(Entries taken from a collection)
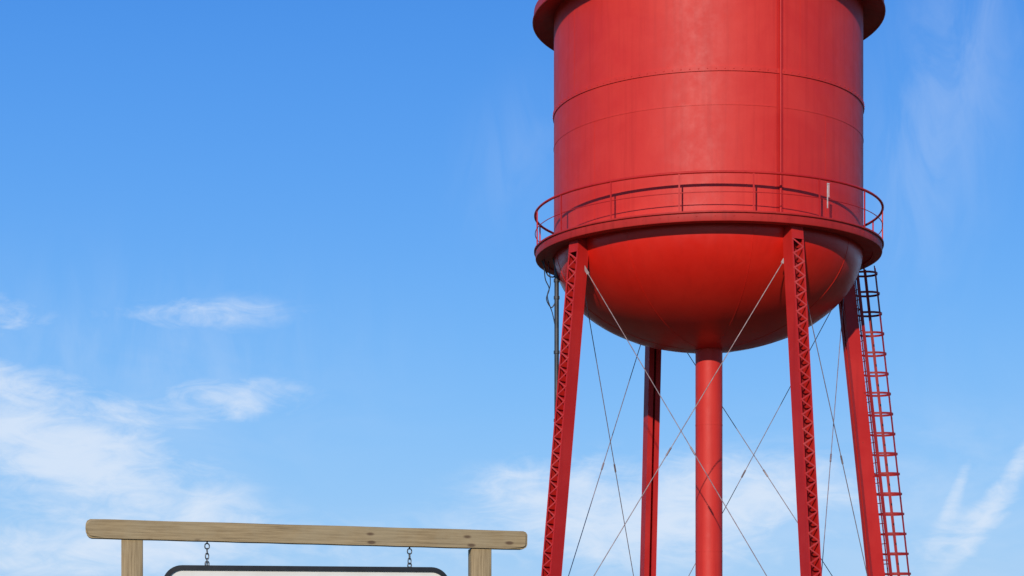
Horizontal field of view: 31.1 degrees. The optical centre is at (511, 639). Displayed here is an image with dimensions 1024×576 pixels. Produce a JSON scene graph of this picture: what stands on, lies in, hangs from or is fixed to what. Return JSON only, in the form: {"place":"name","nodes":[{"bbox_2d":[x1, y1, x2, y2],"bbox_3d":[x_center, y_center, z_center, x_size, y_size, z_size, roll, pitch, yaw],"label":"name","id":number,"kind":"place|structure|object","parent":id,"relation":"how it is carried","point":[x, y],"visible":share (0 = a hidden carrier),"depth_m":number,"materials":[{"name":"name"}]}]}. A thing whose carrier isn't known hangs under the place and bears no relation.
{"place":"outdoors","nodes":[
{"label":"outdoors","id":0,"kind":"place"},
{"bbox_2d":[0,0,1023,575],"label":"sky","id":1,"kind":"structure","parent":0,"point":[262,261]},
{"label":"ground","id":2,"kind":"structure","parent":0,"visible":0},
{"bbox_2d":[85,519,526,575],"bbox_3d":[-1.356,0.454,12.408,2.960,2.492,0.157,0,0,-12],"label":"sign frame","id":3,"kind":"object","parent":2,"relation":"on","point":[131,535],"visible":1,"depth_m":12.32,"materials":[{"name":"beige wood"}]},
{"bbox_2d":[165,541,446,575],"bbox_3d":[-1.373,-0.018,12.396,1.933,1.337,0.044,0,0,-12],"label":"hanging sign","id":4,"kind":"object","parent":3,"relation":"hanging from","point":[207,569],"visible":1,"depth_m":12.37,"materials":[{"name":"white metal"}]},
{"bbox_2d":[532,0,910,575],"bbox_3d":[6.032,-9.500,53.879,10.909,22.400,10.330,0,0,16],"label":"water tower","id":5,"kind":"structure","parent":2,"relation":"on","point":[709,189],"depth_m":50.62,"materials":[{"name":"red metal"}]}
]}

==

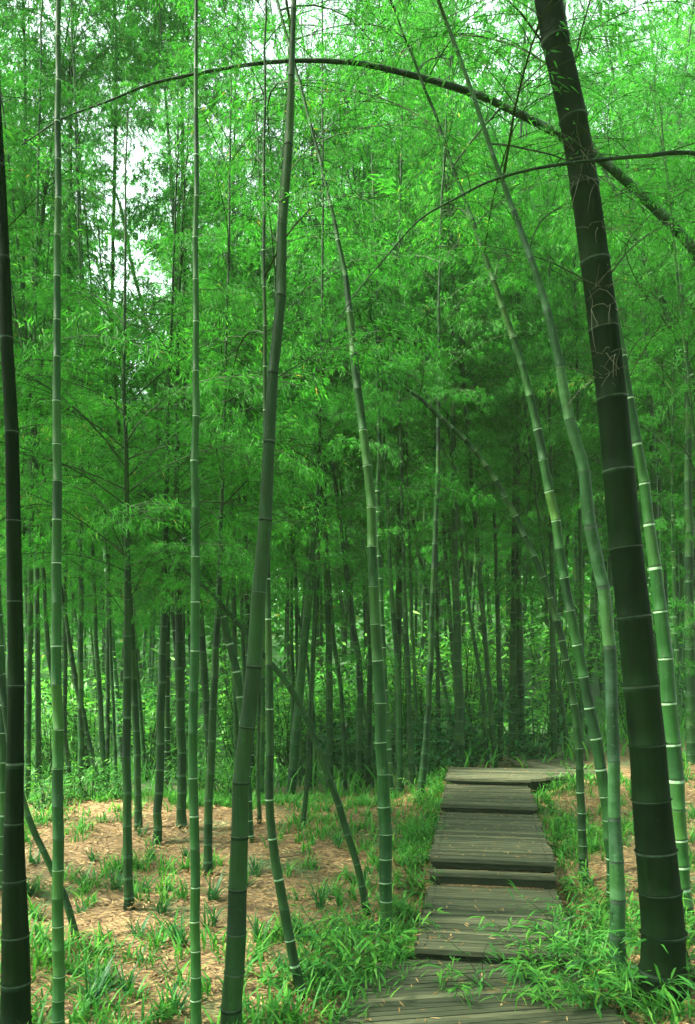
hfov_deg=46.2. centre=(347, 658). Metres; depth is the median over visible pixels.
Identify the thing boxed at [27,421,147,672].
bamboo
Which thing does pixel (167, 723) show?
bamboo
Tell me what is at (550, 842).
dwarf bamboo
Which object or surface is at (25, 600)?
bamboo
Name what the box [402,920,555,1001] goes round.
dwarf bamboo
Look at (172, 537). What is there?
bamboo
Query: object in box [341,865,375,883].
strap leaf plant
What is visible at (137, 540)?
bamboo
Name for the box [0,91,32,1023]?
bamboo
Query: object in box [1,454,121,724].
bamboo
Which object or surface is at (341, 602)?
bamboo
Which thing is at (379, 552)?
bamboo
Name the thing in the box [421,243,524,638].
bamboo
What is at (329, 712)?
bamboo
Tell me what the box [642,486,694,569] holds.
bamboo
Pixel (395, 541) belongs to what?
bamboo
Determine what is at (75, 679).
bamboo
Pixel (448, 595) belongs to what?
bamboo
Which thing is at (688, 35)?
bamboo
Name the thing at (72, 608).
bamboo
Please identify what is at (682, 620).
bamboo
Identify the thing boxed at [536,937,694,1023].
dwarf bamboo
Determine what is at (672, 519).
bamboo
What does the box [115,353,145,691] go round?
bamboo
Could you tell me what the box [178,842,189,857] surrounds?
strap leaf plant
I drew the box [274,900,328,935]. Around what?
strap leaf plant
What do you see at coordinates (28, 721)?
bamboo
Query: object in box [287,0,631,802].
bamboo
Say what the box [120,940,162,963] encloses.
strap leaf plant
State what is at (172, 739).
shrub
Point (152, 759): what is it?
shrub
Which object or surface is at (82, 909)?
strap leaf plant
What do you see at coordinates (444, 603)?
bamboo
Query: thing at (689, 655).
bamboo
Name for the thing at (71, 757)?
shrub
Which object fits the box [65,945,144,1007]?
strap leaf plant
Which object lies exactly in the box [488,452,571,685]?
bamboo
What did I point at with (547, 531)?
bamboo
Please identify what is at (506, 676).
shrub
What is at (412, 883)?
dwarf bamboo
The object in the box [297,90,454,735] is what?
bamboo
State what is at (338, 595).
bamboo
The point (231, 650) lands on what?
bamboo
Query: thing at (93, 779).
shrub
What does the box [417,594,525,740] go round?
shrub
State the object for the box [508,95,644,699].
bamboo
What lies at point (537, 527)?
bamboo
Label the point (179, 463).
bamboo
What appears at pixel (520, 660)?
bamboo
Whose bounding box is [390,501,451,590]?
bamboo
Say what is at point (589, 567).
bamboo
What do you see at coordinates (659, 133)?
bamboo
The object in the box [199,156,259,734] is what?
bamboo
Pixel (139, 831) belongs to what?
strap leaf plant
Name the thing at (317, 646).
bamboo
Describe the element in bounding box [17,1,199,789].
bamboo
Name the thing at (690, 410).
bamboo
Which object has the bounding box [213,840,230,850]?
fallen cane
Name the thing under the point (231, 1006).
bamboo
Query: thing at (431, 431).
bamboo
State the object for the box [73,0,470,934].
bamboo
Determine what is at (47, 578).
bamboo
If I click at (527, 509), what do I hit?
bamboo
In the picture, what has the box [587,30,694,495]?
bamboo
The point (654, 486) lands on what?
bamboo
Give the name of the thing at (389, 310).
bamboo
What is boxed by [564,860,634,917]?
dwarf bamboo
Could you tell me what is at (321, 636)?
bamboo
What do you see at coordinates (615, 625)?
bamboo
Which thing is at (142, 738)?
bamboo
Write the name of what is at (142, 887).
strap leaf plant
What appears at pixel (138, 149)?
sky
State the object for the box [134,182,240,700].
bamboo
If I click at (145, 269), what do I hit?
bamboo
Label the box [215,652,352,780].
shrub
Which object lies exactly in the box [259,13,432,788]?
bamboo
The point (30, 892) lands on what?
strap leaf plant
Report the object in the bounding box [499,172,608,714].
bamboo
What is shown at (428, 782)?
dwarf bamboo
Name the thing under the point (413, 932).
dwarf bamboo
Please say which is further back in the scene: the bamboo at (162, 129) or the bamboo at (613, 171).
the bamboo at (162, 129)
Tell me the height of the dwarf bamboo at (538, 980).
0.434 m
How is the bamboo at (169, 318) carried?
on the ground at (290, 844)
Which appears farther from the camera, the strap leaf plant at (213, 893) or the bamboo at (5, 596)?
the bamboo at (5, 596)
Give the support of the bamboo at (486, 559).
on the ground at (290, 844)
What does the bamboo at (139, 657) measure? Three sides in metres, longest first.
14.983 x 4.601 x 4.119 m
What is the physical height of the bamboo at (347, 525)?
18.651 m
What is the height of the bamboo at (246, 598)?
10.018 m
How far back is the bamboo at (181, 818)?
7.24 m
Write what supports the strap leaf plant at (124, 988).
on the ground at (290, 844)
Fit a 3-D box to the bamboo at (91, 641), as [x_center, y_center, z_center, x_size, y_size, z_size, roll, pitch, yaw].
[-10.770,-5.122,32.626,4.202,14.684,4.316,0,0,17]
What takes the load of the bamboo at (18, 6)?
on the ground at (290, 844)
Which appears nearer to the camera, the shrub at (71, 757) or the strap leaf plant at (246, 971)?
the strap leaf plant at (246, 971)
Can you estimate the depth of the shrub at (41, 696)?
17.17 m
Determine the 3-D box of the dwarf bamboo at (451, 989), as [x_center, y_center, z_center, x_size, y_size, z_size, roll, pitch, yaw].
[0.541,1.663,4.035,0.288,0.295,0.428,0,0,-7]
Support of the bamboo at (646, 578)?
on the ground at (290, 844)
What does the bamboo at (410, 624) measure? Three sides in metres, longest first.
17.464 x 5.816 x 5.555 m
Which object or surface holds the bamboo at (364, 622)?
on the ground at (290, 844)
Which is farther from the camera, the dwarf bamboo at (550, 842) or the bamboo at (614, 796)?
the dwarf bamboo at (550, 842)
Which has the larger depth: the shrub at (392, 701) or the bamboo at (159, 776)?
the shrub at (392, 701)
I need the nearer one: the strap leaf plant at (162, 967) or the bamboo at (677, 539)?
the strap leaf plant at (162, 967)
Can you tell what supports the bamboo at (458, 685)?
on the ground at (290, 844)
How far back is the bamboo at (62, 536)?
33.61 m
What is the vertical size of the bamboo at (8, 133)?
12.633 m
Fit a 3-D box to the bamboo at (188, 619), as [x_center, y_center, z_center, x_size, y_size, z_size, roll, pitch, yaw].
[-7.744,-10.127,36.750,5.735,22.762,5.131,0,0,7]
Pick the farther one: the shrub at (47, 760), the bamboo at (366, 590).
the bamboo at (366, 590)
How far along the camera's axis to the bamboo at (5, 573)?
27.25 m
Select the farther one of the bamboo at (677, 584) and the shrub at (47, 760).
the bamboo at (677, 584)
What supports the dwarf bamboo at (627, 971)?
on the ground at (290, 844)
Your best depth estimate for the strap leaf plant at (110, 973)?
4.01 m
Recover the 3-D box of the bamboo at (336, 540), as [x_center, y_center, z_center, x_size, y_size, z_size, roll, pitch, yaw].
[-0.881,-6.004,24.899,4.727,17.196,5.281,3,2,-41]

Your goal.
Could you reproduce, exactly, every line above from the line with "I need the nearer" to the line with "[-0.881,-6.004,24.899,4.727,17.196,5.281,3,2,-41]", and no other line? Both ends count.

Output for this exercise.
I need the nearer one: the strap leaf plant at (162, 967) or the bamboo at (677, 539)?
the strap leaf plant at (162, 967)
Can you tell what supports the bamboo at (458, 685)?
on the ground at (290, 844)
How far back is the bamboo at (62, 536)?
33.61 m
What is the vertical size of the bamboo at (8, 133)?
12.633 m
Fit a 3-D box to the bamboo at (188, 619), as [x_center, y_center, z_center, x_size, y_size, z_size, roll, pitch, yaw].
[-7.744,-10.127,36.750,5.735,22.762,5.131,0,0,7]
Pick the farther one: the shrub at (47, 760), the bamboo at (366, 590).
the bamboo at (366, 590)
How far along the camera's axis to the bamboo at (5, 573)?
27.25 m
Select the farther one of the bamboo at (677, 584) and the shrub at (47, 760).
the bamboo at (677, 584)
What supports the dwarf bamboo at (627, 971)?
on the ground at (290, 844)
Your best depth estimate for the strap leaf plant at (110, 973)?
4.01 m
Recover the 3-D box of the bamboo at (336, 540), as [x_center, y_center, z_center, x_size, y_size, z_size, roll, pitch, yaw].
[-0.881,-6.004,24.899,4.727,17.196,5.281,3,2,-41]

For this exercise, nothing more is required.